# WHAT NEEDS TO BE DONE
Without pictures, retype the following entries exactly.

====== TASK INPUT ======

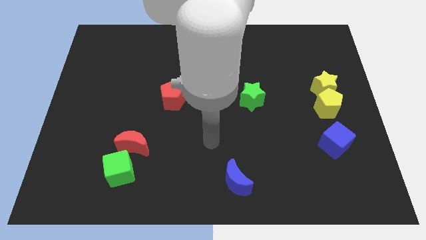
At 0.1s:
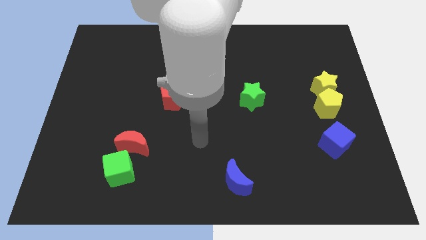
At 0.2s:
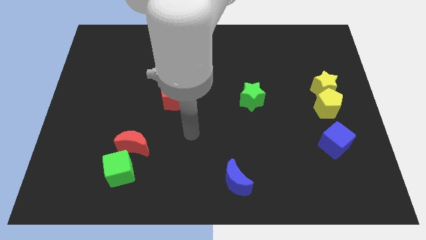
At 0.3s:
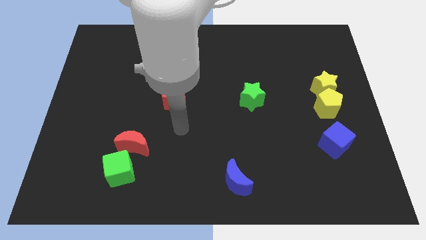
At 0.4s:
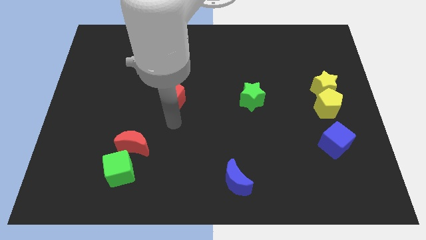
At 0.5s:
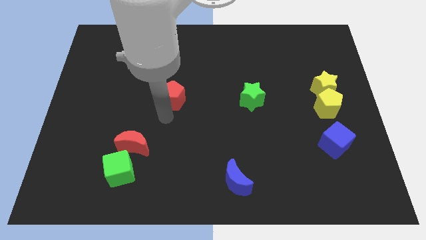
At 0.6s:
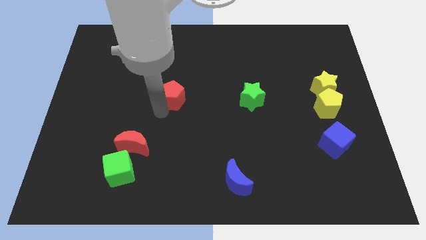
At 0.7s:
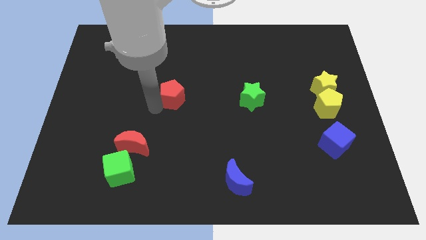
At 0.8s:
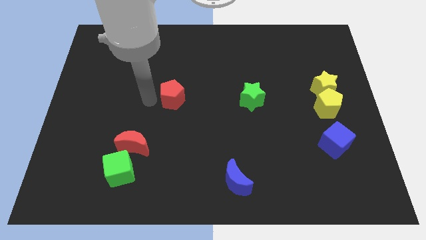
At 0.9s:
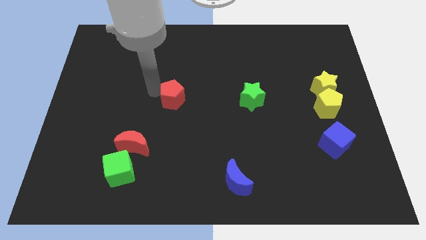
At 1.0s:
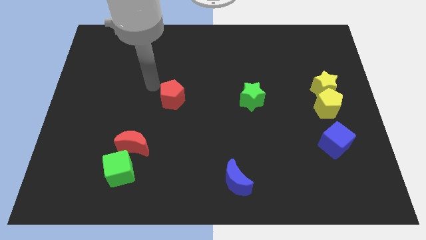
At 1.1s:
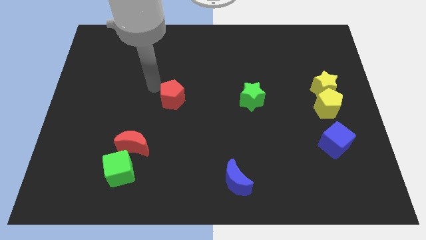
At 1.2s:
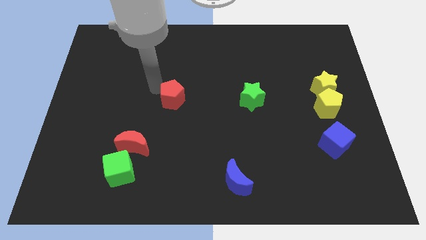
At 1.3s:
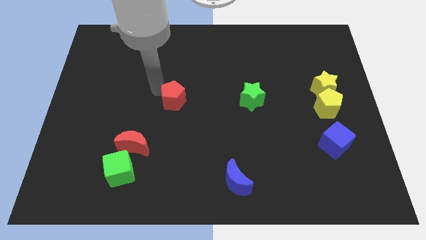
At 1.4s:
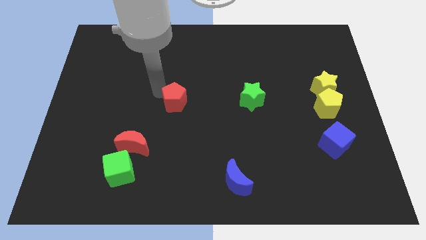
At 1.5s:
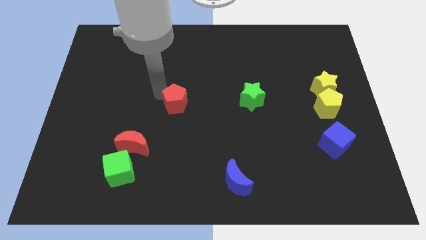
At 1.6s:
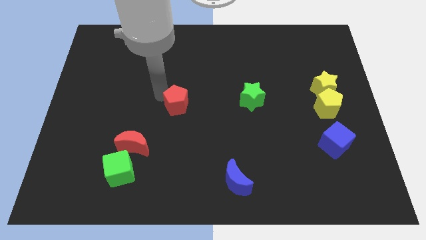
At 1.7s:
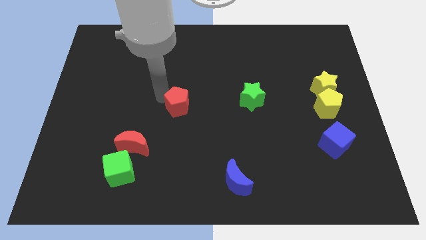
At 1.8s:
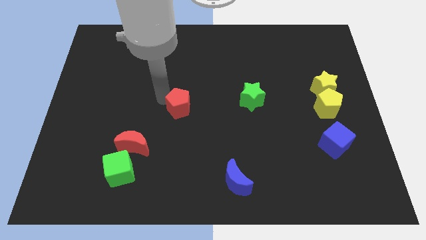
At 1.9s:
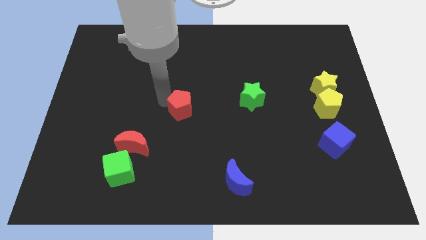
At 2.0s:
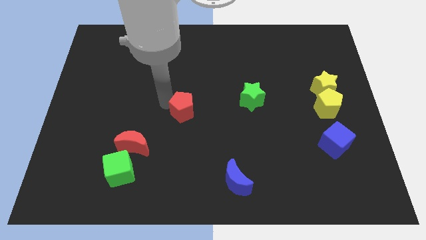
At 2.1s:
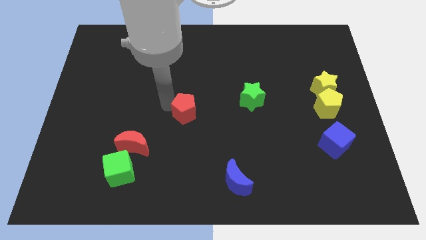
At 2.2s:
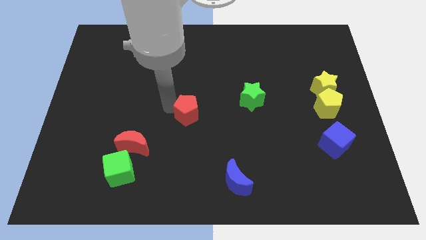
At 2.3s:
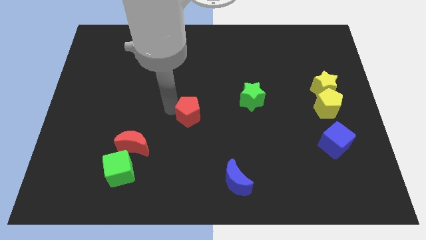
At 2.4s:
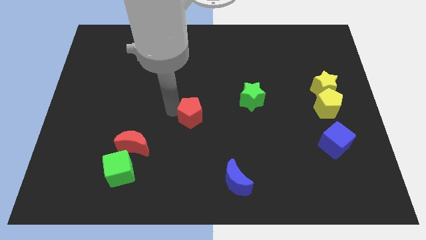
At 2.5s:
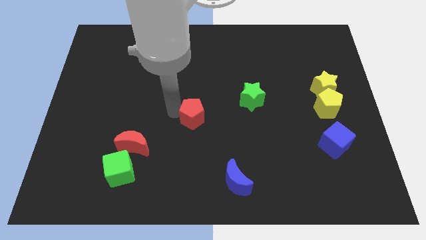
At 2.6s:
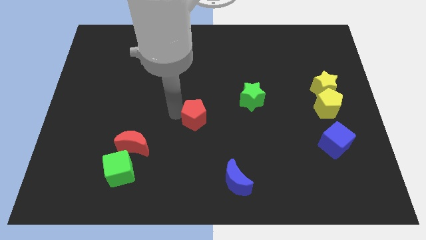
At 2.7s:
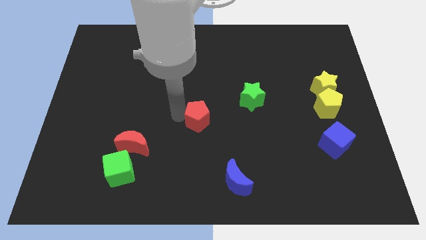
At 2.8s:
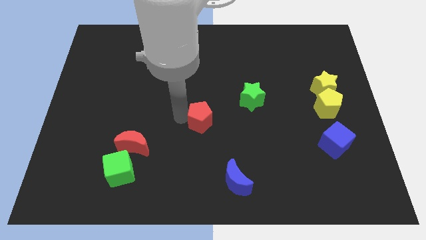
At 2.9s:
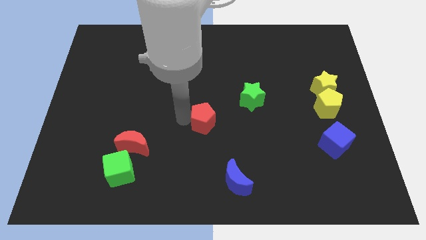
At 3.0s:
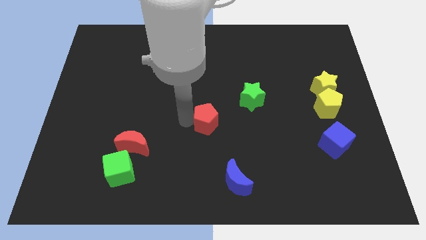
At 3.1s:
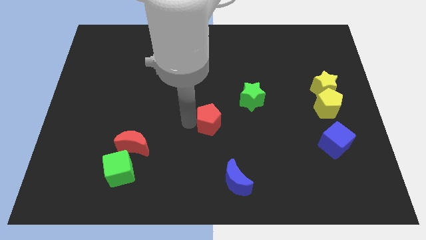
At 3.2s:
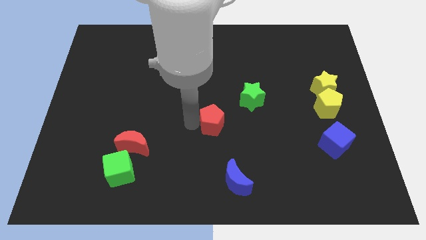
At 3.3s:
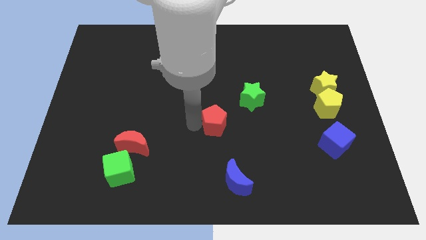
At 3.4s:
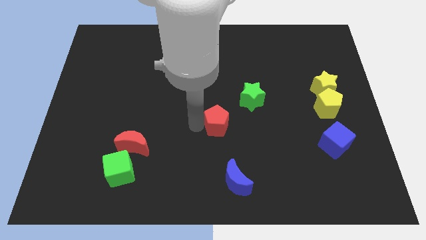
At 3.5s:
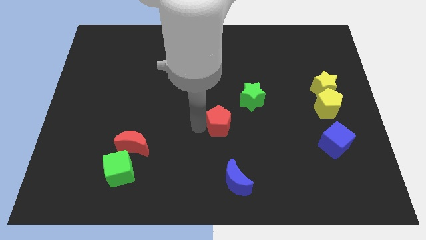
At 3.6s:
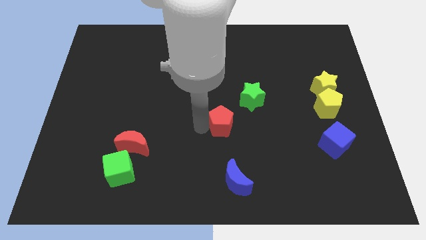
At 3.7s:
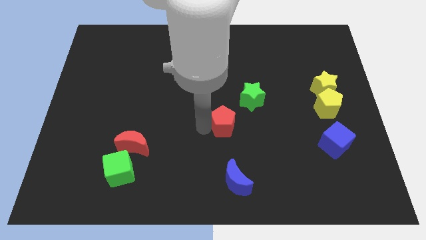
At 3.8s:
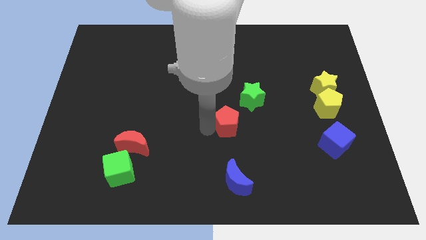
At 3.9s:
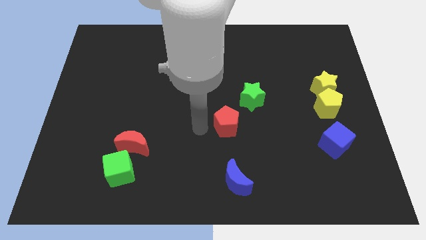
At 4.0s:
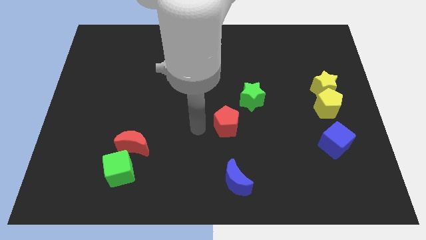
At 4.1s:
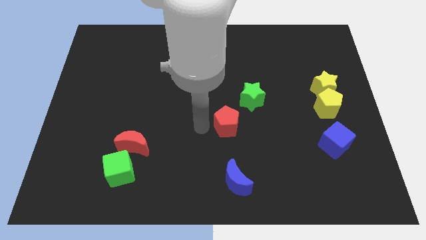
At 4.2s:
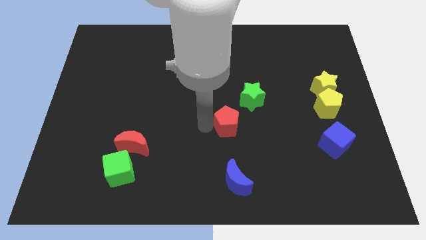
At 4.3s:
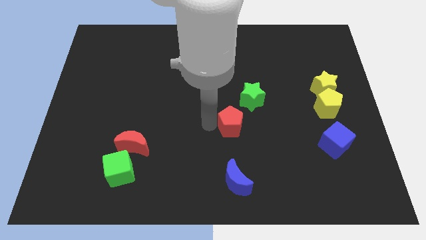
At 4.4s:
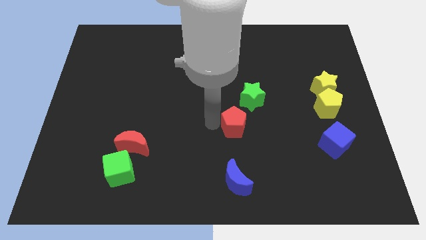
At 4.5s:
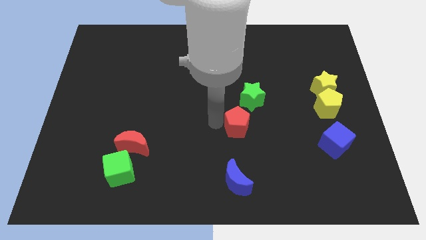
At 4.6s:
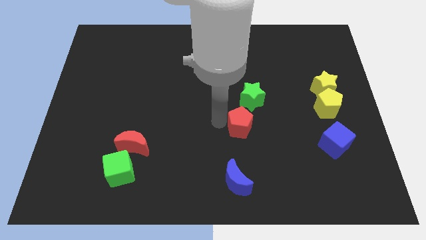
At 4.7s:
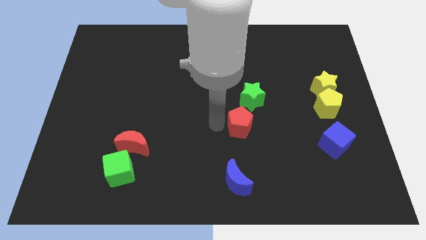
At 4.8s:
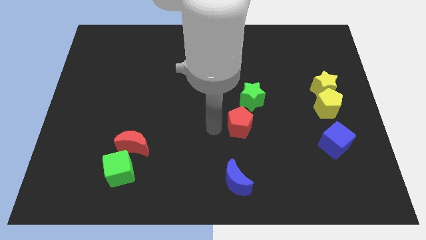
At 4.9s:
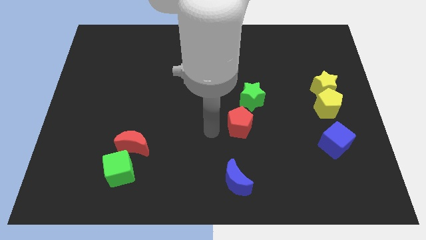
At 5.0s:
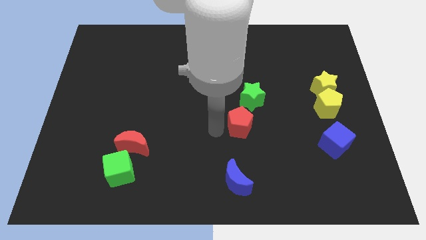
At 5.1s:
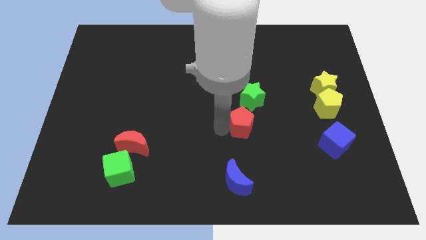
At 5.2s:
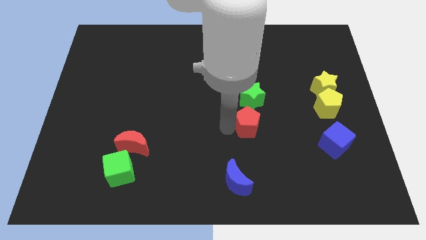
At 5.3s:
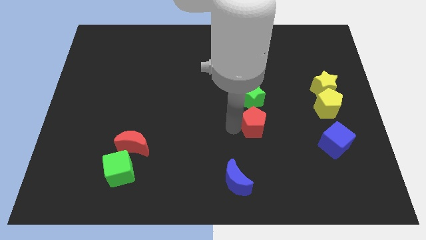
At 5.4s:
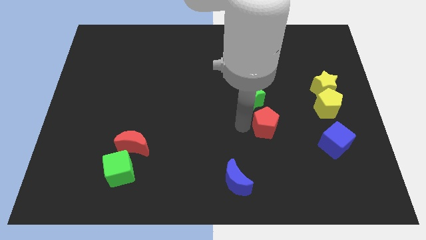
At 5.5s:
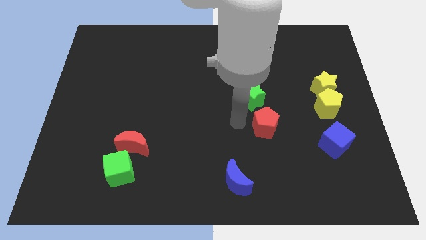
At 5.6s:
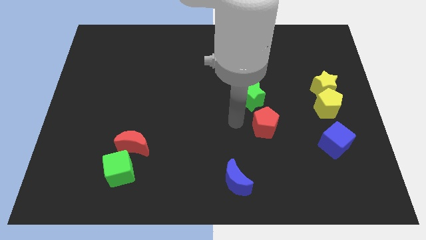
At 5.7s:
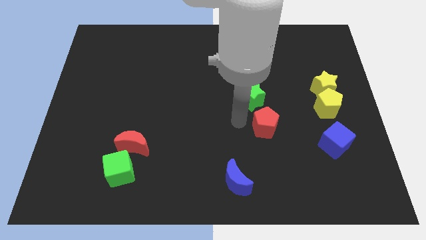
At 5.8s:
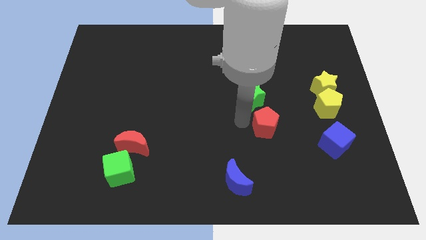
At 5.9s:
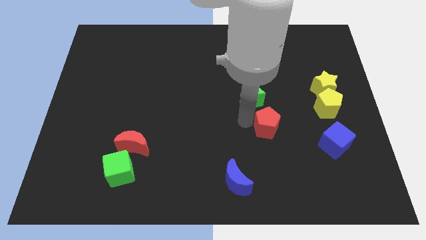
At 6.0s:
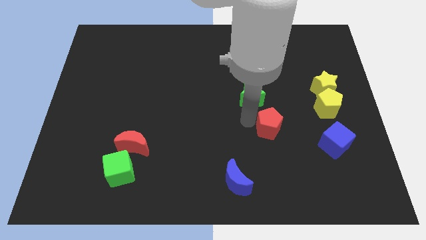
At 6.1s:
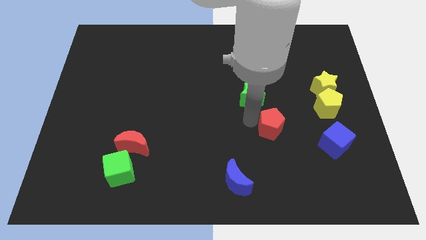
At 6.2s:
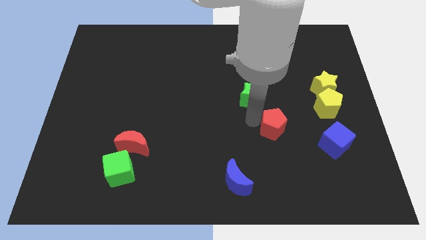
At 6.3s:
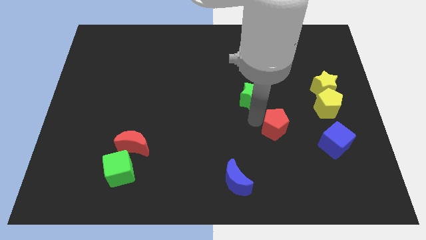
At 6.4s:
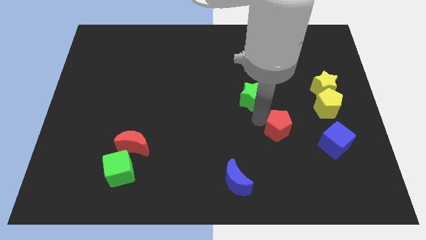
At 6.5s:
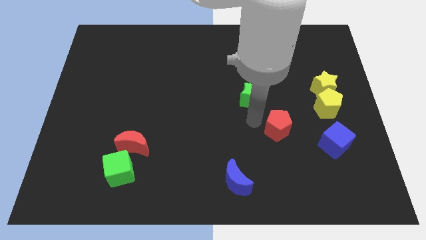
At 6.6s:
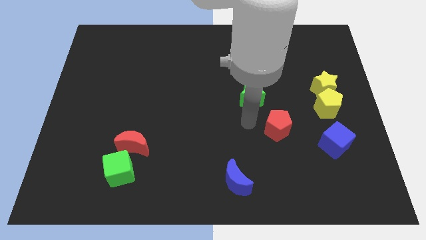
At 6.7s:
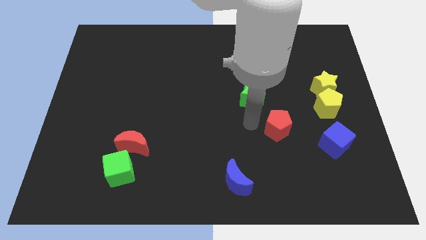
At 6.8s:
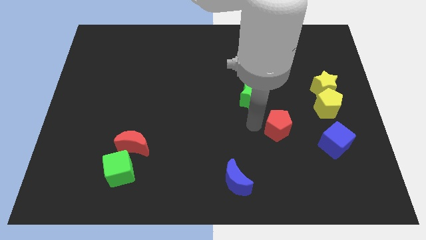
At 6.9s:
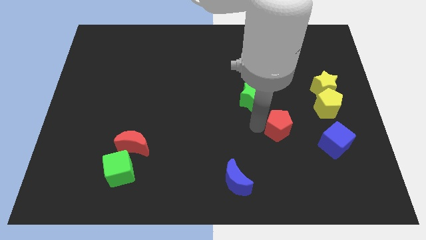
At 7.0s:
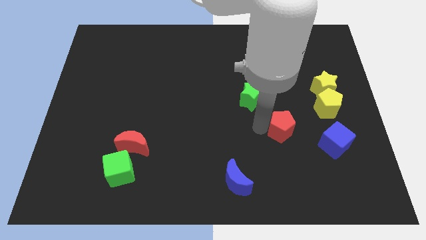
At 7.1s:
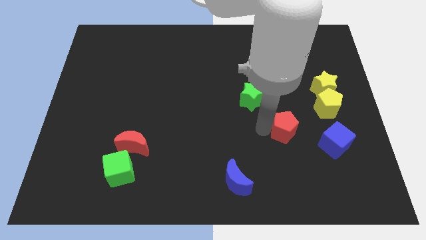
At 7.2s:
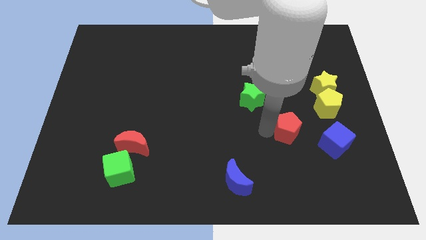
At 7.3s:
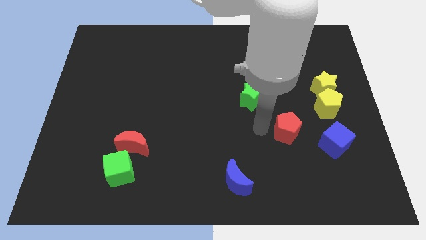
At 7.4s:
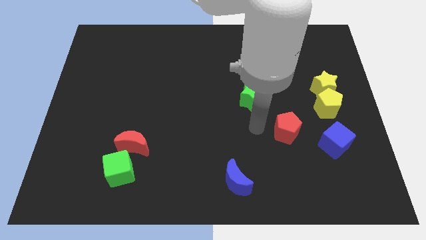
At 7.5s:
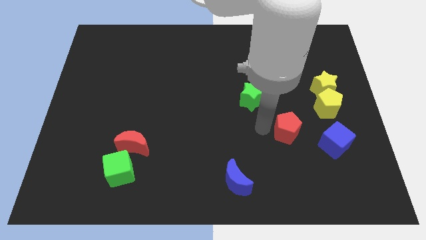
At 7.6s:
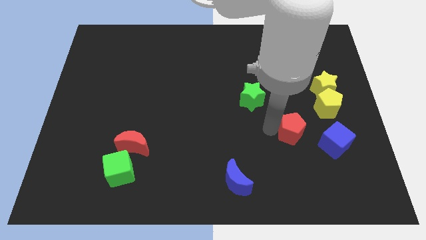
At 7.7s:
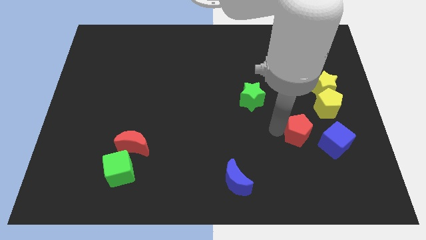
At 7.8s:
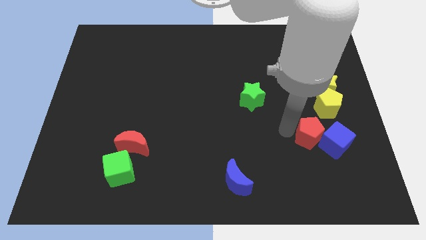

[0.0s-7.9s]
move the red pentagon to the blue cube

======

# COMPLETED TASK
At 0.1s:
At 0.2s:
At 0.3s:
At 0.4s:
At 0.5s:
At 0.6s:
At 0.7s:
At 0.8s:
At 0.9s:
At 1.0s:
At 1.1s:
At 1.2s:
At 1.3s:
At 1.4s:
At 1.5s:
At 1.6s:
At 1.7s:
At 1.8s:
At 1.9s:
At 2.0s:
At 2.1s:
At 2.2s:
At 2.3s:
At 2.4s:
At 2.5s:
At 2.6s:
At 2.7s:
At 2.8s:
At 2.9s:
At 3.0s:
At 3.1s:
At 3.2s:
At 3.3s:
At 3.4s:
At 3.5s:
At 3.6s:
At 3.7s:
At 3.8s:
At 3.9s:
At 4.0s:
At 4.1s:
At 4.2s:
At 4.3s:
At 4.4s:
At 4.5s:
At 4.6s:
At 4.7s:
At 4.8s:
At 4.9s:
At 5.0s:
At 5.1s:
At 5.2s:
At 5.3s:
At 5.4s:
At 5.5s:
At 5.6s:
At 5.7s:
At 5.8s:
At 5.9s:
At 6.0s:
At 6.1s:
At 6.2s:
At 6.3s:
At 6.4s:
At 6.5s:
At 6.6s:
At 6.7s:
At 6.8s:
At 6.9s:
At 7.0s:
At 7.1s:
At 7.2s:
At 7.3s:
At 7.4s:
At 7.5s:
At 7.6s:
At 7.7s:
At 7.8s:

[0.0s-7.9s]
move the red pentagon to the blue cube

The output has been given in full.